“Our research has focused on the detection of helium, which we use for surface structural studies, although it is clear that the new detector will be appropriate for all gaseous species,” Donald MacLaren told nanotechweb.org. “Conventional helium detectors are limited to efficiencies of a few thousandths of a per cent, which restricts our experiments to situations with relatively strong signal levels. When completed, the new detector could boost efficiency by several orders of magnitude, making a host of atom-optical experiments that have previously been limited by poor signal quality now feasible.”

To carry out the technique, MacLaren and colleagues grew a densely packed array of multiwalled carbon nanotubes onto a stainless-steel wire. The nanotubes were perpendicular to the substrate, up to 2 µm long and about 50 nm in diameter. The team placed the detector in an ultra-high vacuum chamber and then added helium to a pressure of 4 x 10-5 mbar. Applying a positive voltage to the nanotubes caused field ionization of passing helium atoms. The resulting helium ions then accelerated towards a counter-electrode about 20 mm away, which detected the ion current.

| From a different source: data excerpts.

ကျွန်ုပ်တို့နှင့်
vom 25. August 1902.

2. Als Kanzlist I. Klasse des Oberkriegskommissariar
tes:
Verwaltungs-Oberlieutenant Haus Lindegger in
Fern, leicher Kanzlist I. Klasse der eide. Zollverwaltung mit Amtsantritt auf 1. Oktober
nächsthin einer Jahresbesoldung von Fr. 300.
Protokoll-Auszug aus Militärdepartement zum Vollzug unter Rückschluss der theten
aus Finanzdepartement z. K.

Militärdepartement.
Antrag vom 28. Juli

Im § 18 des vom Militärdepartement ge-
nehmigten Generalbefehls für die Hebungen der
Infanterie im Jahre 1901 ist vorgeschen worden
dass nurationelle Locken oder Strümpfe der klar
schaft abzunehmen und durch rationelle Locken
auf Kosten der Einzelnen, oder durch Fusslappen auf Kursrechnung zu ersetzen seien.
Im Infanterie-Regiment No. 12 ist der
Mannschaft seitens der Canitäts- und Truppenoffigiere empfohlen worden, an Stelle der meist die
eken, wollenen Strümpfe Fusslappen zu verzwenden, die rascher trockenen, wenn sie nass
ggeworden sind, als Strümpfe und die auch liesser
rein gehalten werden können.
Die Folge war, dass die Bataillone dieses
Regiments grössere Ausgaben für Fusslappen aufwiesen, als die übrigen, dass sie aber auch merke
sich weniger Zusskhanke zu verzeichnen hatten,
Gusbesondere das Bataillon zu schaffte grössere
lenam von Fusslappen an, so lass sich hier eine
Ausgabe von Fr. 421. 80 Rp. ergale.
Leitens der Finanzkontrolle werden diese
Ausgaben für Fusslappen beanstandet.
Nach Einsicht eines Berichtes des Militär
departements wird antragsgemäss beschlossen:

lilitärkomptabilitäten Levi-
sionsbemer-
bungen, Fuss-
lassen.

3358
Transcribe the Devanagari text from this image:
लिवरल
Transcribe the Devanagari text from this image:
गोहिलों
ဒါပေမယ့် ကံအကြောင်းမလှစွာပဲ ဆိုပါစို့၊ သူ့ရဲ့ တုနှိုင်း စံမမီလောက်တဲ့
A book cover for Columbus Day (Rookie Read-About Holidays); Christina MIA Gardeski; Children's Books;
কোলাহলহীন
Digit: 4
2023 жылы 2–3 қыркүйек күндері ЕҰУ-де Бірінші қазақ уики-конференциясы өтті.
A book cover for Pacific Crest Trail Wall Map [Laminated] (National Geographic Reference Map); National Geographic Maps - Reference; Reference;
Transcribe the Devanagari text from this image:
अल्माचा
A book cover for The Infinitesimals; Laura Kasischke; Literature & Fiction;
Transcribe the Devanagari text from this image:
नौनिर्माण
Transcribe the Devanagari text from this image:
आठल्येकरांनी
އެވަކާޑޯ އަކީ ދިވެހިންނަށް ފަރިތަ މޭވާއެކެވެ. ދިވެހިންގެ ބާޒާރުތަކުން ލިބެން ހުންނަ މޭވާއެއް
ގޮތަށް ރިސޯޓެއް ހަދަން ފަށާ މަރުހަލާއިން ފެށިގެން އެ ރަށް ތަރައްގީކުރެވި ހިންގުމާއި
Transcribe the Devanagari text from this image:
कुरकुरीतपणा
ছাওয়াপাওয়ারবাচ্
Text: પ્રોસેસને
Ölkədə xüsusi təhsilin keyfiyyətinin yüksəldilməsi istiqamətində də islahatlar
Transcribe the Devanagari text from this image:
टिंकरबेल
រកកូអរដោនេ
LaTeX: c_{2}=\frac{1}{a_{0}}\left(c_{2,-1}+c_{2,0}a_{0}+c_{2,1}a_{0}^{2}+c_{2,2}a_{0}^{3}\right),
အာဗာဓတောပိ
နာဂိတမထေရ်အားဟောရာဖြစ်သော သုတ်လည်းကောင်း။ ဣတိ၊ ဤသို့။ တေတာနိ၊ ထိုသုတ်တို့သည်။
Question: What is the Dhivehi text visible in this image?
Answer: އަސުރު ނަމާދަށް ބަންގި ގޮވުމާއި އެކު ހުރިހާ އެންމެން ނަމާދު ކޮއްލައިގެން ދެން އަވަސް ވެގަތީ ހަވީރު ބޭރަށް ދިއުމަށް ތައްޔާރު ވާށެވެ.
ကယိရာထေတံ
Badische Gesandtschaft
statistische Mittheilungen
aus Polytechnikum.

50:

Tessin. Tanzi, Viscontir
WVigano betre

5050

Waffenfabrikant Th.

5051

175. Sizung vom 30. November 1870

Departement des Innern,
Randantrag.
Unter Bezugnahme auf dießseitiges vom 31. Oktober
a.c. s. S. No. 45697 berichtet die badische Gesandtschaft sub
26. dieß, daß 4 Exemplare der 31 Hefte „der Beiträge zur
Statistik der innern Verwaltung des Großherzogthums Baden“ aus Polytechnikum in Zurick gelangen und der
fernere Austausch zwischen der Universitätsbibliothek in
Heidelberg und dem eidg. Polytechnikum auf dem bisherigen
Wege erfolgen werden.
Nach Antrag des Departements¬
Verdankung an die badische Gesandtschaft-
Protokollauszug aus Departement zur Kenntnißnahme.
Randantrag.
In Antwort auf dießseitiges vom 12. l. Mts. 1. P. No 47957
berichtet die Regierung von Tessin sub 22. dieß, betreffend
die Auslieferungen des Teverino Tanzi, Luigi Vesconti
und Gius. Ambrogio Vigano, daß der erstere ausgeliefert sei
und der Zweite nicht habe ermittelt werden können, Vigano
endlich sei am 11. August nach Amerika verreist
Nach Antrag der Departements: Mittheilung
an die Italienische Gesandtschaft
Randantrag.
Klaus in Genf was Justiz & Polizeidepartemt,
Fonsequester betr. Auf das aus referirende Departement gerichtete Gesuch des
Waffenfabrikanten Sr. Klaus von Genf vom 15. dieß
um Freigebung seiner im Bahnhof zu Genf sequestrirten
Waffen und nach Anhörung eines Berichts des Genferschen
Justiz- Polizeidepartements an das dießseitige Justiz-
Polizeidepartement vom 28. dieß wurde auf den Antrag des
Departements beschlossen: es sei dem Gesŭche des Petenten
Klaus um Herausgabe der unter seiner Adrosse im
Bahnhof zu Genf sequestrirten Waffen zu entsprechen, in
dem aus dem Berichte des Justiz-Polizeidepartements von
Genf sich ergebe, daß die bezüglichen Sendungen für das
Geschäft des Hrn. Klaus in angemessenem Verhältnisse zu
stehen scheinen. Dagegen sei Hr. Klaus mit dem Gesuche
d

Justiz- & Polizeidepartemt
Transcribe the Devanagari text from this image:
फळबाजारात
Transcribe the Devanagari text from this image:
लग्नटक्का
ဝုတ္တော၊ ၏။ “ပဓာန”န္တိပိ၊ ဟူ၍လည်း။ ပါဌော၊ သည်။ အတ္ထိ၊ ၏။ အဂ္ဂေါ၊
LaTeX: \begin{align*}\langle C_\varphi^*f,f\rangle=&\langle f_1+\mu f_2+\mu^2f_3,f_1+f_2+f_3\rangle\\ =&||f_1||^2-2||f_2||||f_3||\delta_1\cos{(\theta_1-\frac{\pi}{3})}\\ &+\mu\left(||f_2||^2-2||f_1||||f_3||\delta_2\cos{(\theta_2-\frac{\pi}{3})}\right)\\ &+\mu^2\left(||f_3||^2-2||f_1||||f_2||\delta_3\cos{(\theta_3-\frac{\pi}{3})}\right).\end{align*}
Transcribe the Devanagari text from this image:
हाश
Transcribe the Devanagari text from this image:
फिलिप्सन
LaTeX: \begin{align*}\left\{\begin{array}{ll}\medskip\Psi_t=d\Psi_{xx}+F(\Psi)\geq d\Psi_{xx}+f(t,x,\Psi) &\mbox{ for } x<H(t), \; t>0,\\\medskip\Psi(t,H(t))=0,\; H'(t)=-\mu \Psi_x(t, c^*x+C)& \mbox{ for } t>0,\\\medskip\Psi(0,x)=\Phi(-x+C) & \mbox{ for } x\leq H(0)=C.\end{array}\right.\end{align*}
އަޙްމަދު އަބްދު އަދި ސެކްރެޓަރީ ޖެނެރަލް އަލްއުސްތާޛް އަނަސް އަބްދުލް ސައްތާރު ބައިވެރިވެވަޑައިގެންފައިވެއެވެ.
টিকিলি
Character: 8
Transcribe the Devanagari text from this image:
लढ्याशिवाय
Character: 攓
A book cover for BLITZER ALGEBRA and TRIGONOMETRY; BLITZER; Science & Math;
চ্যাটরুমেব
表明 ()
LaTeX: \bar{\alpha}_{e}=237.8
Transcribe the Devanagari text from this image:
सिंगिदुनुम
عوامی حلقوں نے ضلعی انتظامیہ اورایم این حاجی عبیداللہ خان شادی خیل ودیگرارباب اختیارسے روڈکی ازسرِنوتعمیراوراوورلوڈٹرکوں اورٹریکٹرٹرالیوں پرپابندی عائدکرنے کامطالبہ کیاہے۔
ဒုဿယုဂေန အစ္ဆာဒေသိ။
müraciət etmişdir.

According to MacLaren, previous attempts to use the field ionization effect for gas detection have been limited by the extremely small size of the ionization region around any single tip. The easiest way to improve detection is to increase the number of tips, and advances in the controlled growth of carbon nanotubes have now made such a detector practical. The scientists believe that the design is simple, cheap and readily scalable to much larger sizes.

“The most exciting aspect is the fascinating possibility of seeing the spatial distributions of atomic beams in two dimensions - just as optical, electron and ion beams can currently be observed,” said MacLaren. “The work suggests the possibility of fabricating a spatially resolved neutral atom detector that is sensitive even to helium - the most difficult element to detect in low concentrations.”

The detector could have applications “wherever gases need to be detected in very low concentrations - ranging from space-based applications to molecular beam research.” The Cambridge team’s goal is to use the detector in a scanning helium microscope - a novel microscope that will image samples with the low energy, inert matter waves of a helium beam. The microscope should offer “unprecedented sensitivity and the ability to image delicate organic specimens without degradation.”

Now, the scientists say they have moved from using random, densely packed nanotube "forests" to well-defined arrays of isolated nanotubes. “The improvements promise an increase in detection efficiency and we are working towards incorporating the array into a spatially resolved detector,” added MacLaren.

The researchers reported their work in Nano Letters.